Something in his tone takes the edge off my drunkenness. Jerat senses it too, and stops shouting at the barmaids for more drink. I take a step back, toward my war-pick.

“He was slain by none other than the black dragon!” say the dwarf. “The one that destroyed your guild! Your realm!” He turns back to me. “The one you swore to kill!”

I grasp my pick at the top of the handle, swing it up. I don't know why I'm swinging it, I just am. A look of shock crosses the dwarf's face as I uppercut him with the middle of the warhead. He falls down, and then I'm sitting on his chest with one hand around his neck.

“What?” I scream, spittle flying. “What did you say?”

My friends are dragging me back. Everyone in the bar, which is spinning a little, is staring.
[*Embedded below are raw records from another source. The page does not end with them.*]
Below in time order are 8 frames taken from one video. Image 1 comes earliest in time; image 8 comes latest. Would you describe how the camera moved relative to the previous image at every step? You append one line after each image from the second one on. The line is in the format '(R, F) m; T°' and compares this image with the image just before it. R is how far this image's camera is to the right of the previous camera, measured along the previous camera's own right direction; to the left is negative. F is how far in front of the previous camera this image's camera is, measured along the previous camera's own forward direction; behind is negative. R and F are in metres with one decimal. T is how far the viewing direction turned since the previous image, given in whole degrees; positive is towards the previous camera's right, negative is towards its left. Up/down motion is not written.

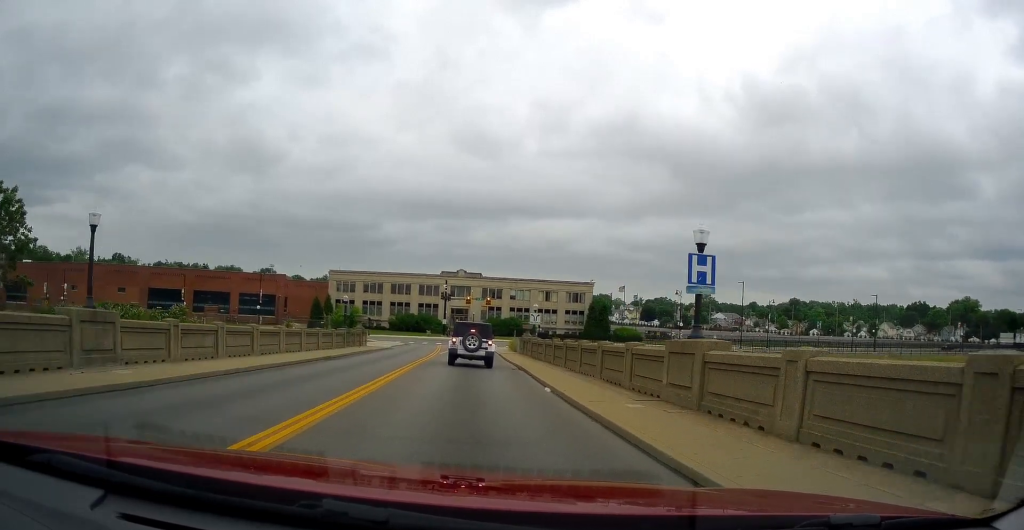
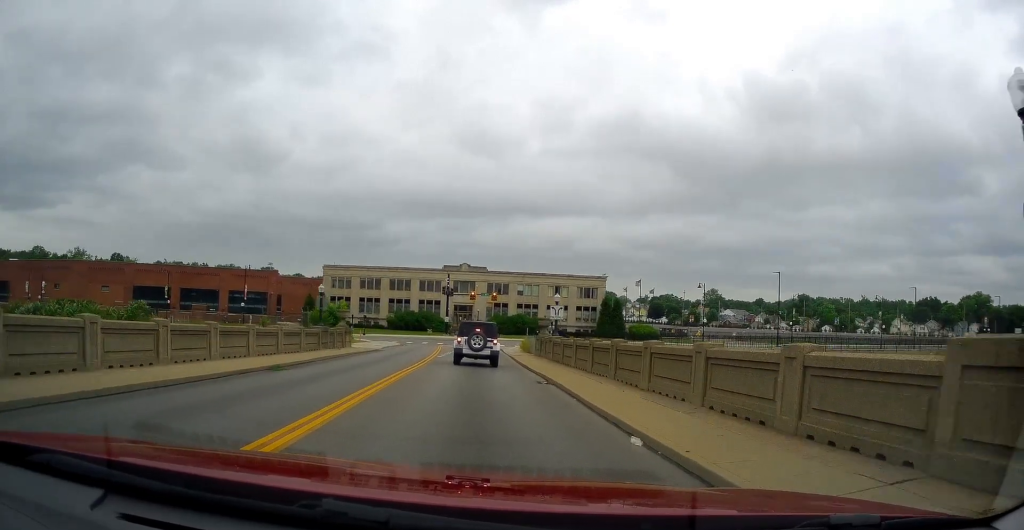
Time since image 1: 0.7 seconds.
(-0.3, +7.7) m; -1°
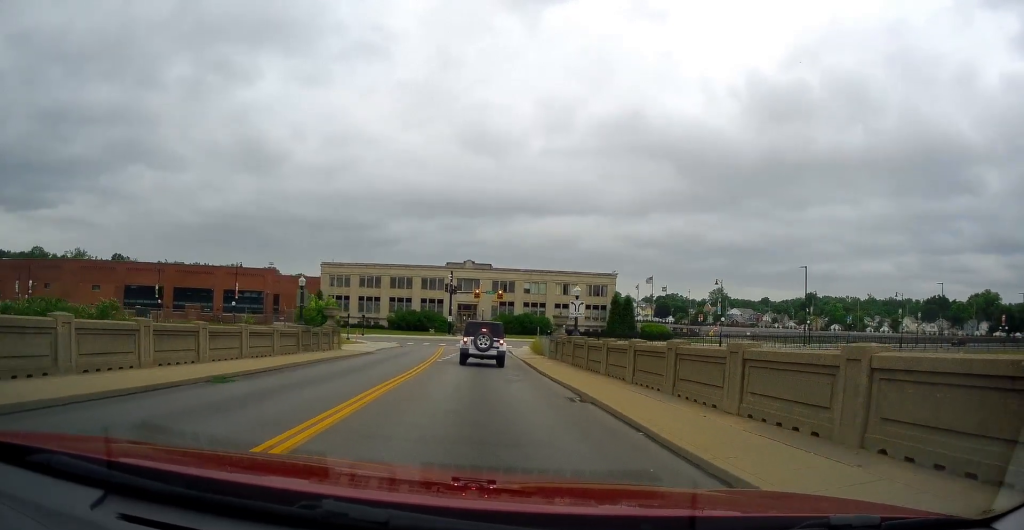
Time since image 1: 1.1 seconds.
(+0.1, +4.5) m; +1°
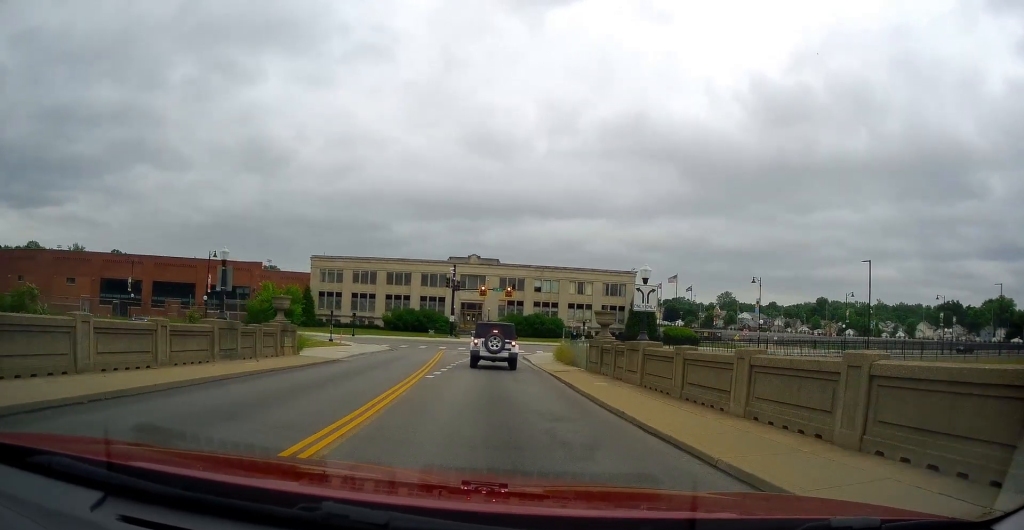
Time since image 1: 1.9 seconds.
(+0.1, +9.5) m; +1°
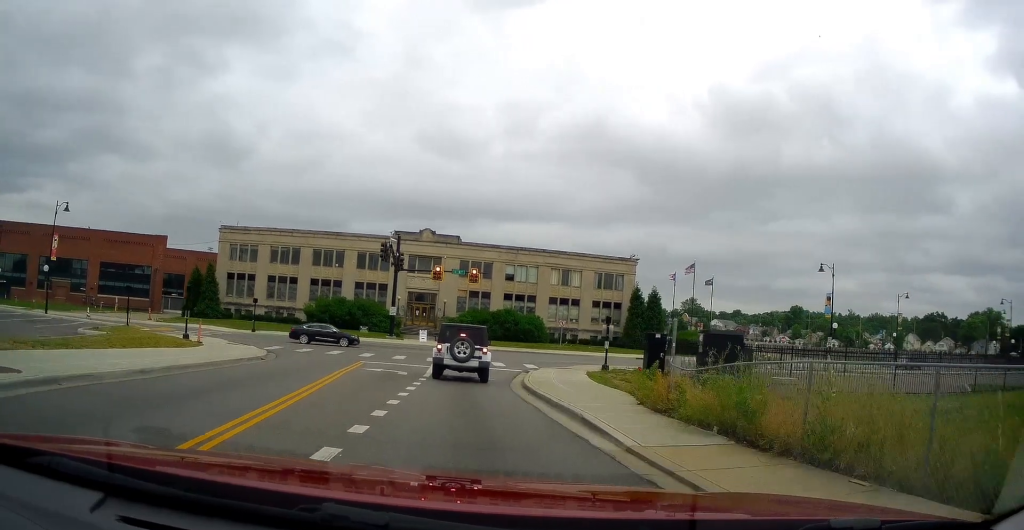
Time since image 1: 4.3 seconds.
(-0.3, +21.7) m; +2°
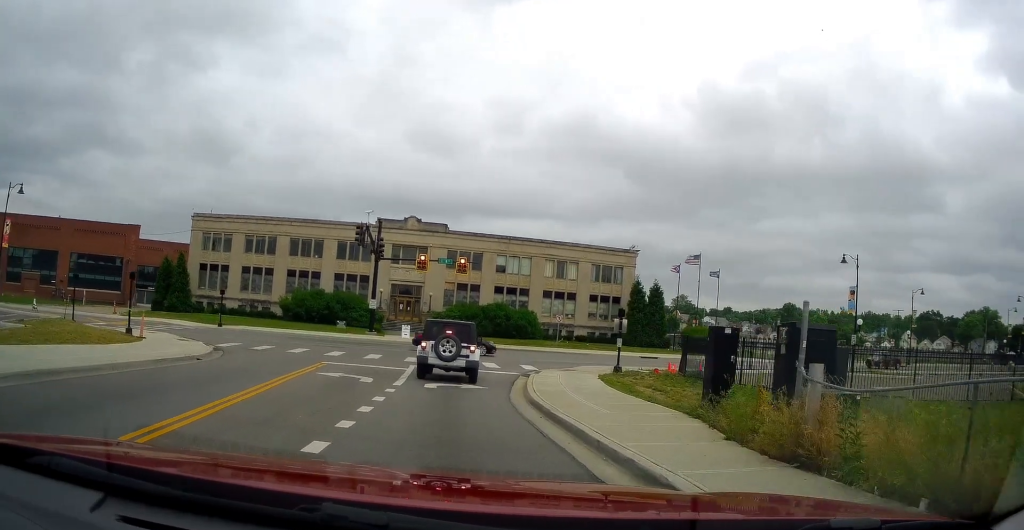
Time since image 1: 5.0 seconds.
(+0.1, +4.8) m; +5°
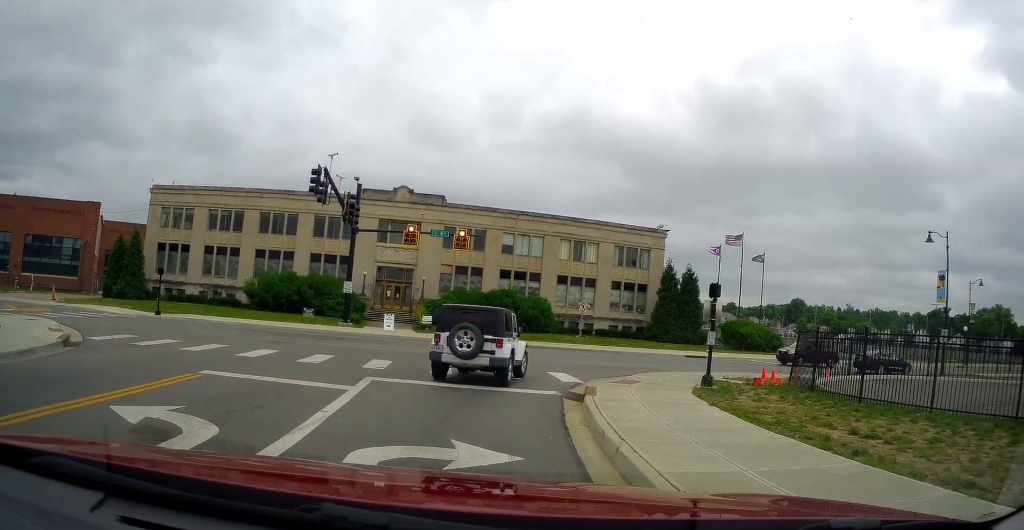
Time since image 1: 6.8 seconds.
(+1.0, +9.5) m; +7°
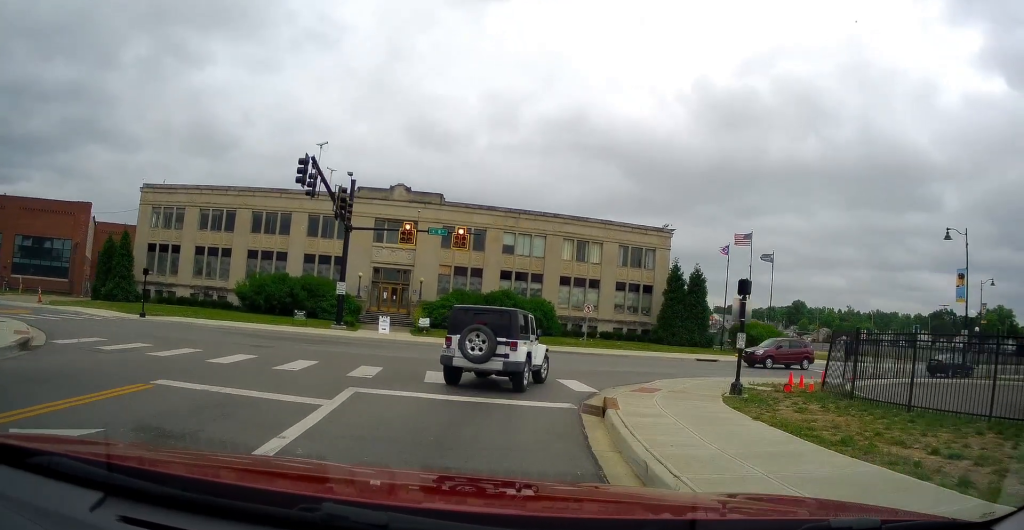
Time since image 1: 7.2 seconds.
(-0.1, +1.8) m; -2°
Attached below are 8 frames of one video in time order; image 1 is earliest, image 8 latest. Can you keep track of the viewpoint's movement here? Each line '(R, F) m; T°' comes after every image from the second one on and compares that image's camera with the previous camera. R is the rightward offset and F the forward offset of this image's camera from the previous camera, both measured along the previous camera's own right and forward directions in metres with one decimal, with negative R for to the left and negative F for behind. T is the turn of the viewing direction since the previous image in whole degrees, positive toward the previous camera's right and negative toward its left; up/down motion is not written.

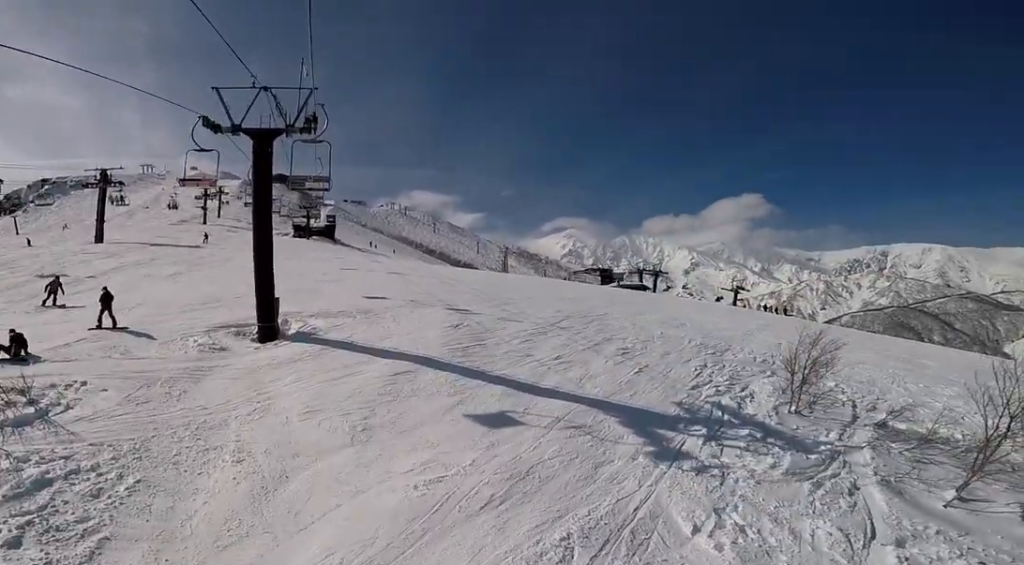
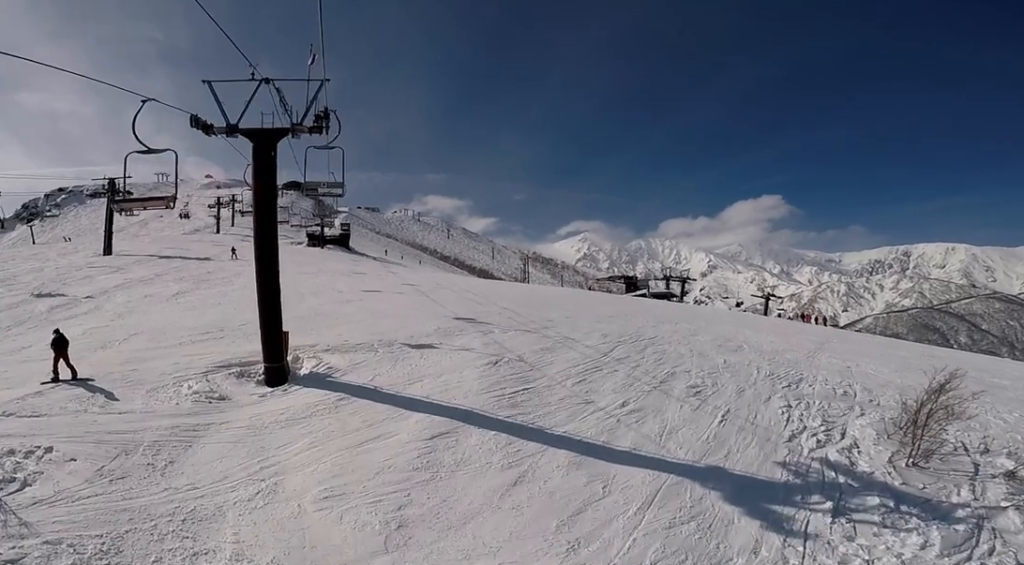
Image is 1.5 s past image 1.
(0.0, +2.6) m; 0°
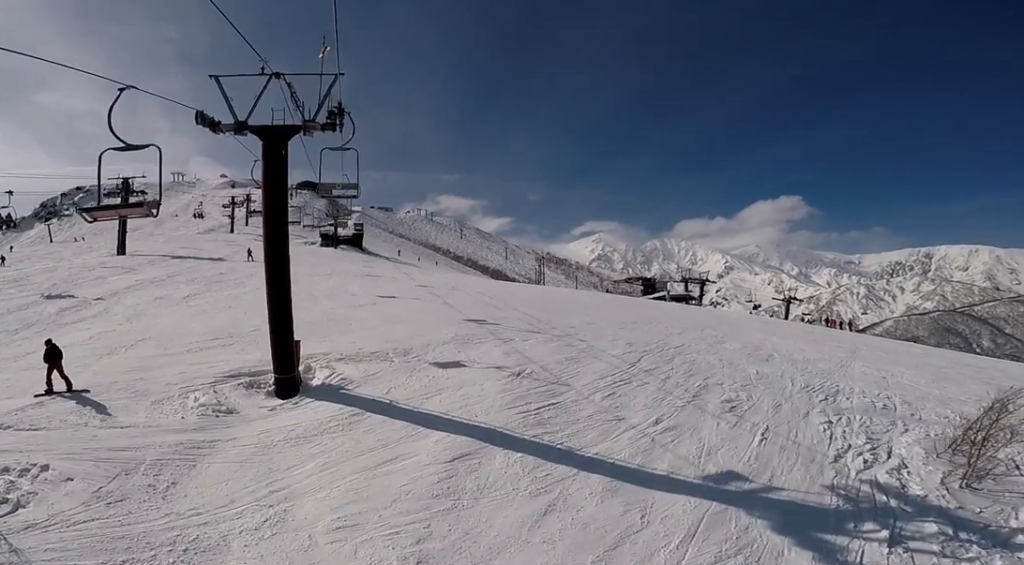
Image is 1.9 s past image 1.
(0.0, +0.8) m; 0°
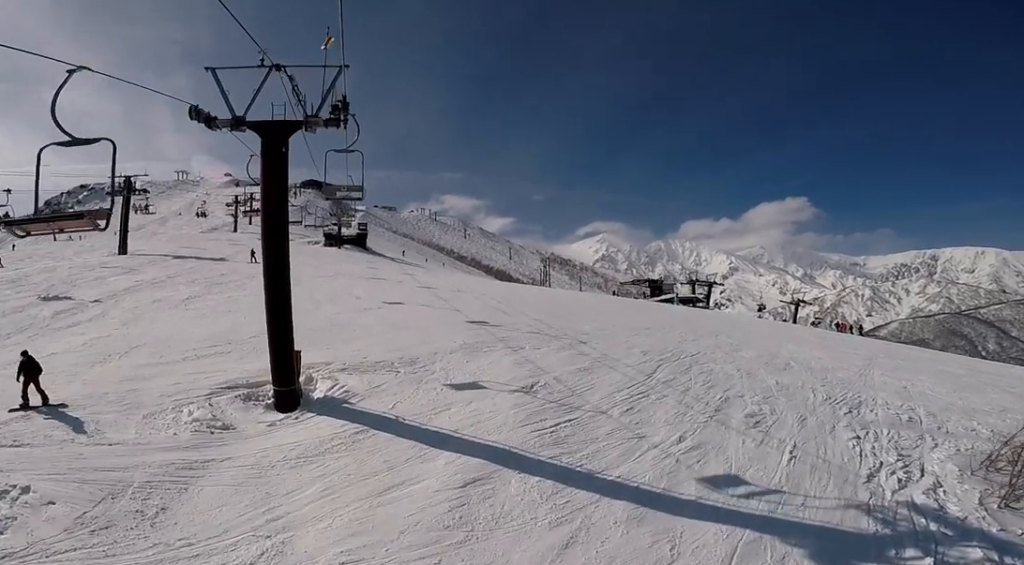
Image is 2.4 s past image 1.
(0.0, +0.8) m; 0°
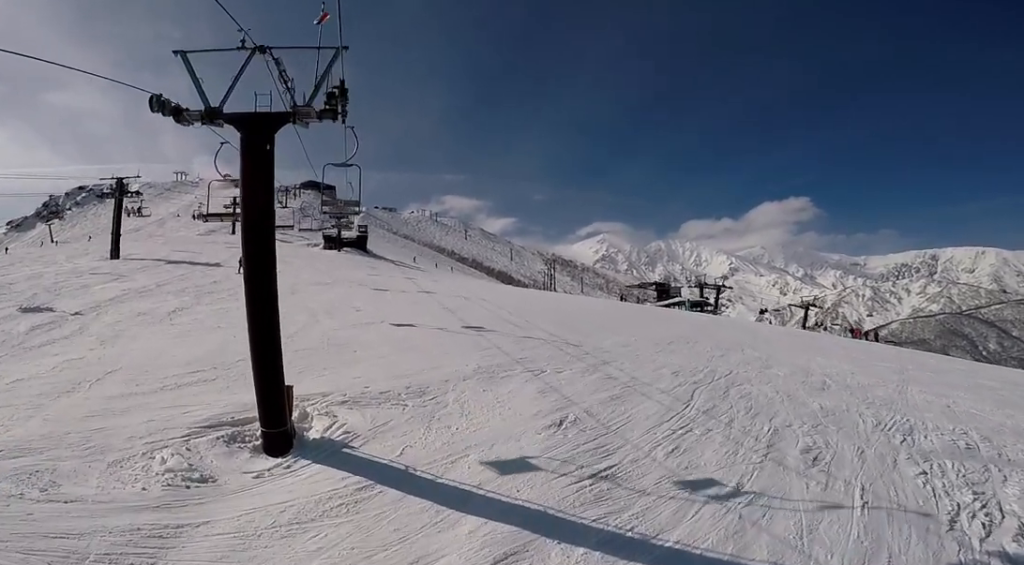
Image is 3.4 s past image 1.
(0.0, +1.8) m; 0°
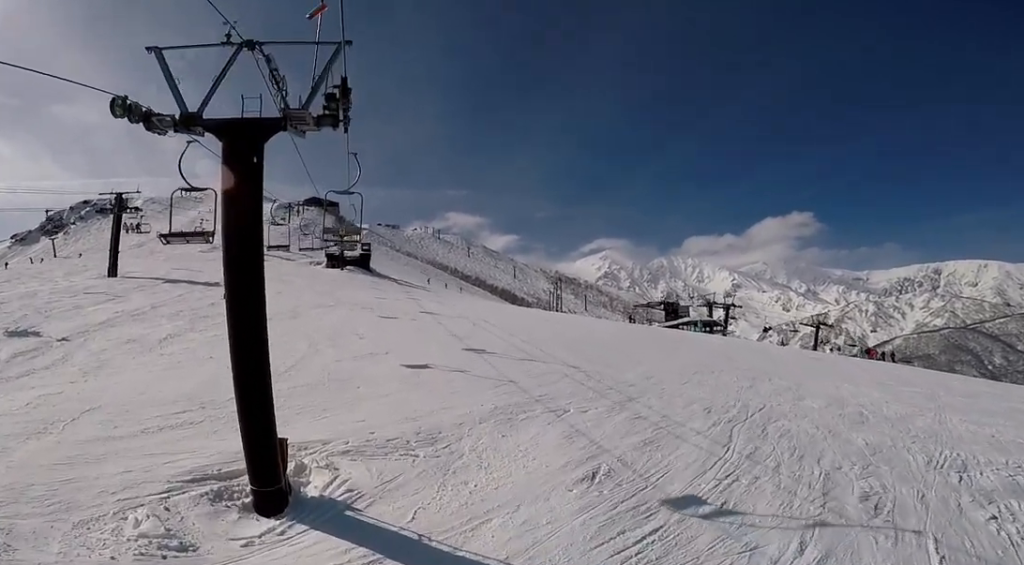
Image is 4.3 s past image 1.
(0.0, +1.4) m; 0°
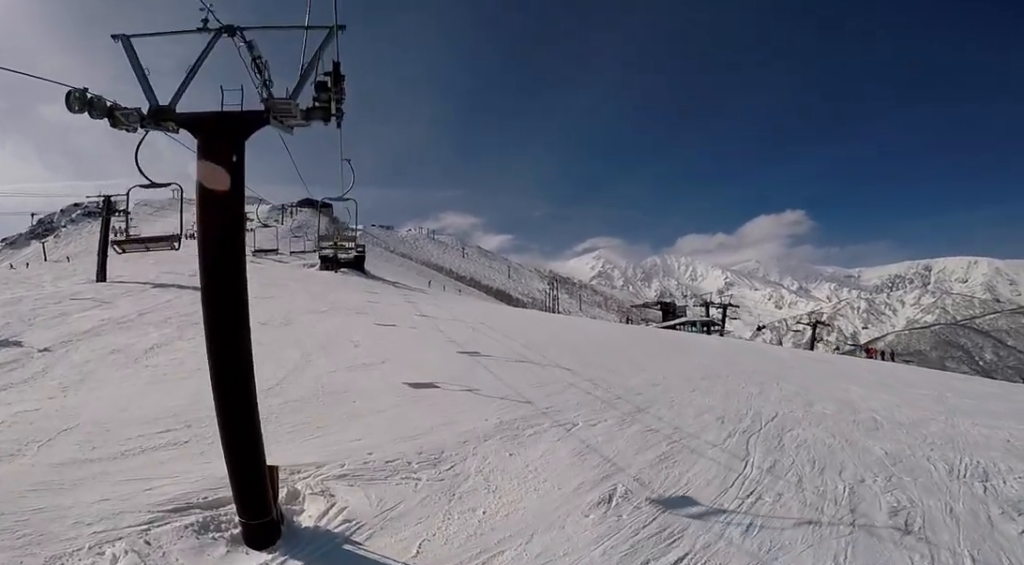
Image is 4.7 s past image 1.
(0.0, +0.9) m; 0°
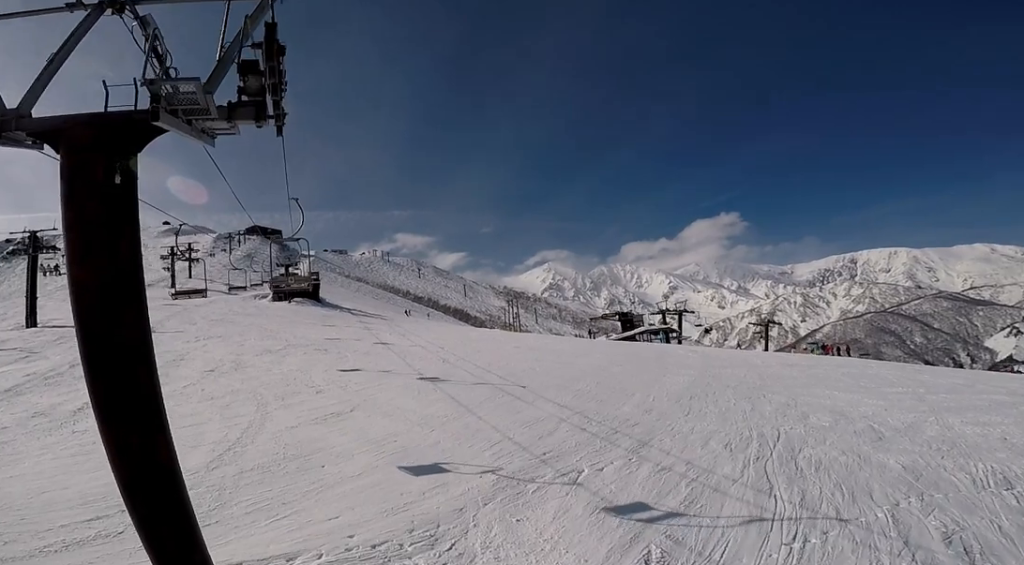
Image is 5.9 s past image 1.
(0.0, +2.2) m; 0°

I force myself out Braztak and Jerat's grasp and put my hand around the dwarf's neck again.

“If you're lying...!”

“I'm not lying!” wails the dwarf. “I just thought you should know!”

“It's the black dragon? The same black dragon? Are you sure?”

“Yes!”

“No!” another patron shouts. “No one knows what did the mountain dwarves in.”

“That so?” I press the metal of my war-pick into the dwarf's unarmored neck.

“That's enough, Zathar!” shouts Braztak, and with a mighty surge of strength he wrests me backward and to my feet.

I breath deep. I feel sick all of a sudden, and not drunk at all. The bar ceases to spin. My head is throbbing.

“What the fuck is going on?” I say.

The bar is silent. The dwarf I was throttling crawls backward, rubbing his neck and staring up at me in terror.

“The mountain kingdom of Halajatbast is rumored to be destroyed,” someone finally says. “No one knows what by. Some say a dragon. Some say a black dragon. Some say a falling star, punishment for straying too close to the sky.”

“No one knows?”

“Everyone knows,” insists the dwarf I throttled, now pulling himself up onto a chair. “It's the black dragon. I didn't lie to you, honored runeknight!”

“Is there any proof?” demands Braztak.

“No... No proof. But everyone's saying it! Where there's smoke there's fire!”

“Dragonfire doesn't make smoke,” I say acidly.

“Does when it burns wood,” slurs Jerat. “Did when it burned us...”

“Who's saying it?” demands Faltast. “Who in particular?”

The dwarf flails his hands around. “Everyone!”

“It's a rumor,” says another patron. “Just a rumor. You shouldn't worry about it. It won't be true.”

“It might be,” I say. Rage rises in me. The urge to strike my pick through dragonflesh burns in my heart. “It might be!” I scream.

“That's enough, Zathar!” shouts Braztak.

I take a deep breath and lower my war-pick. I didn't even realize I'd raised it again.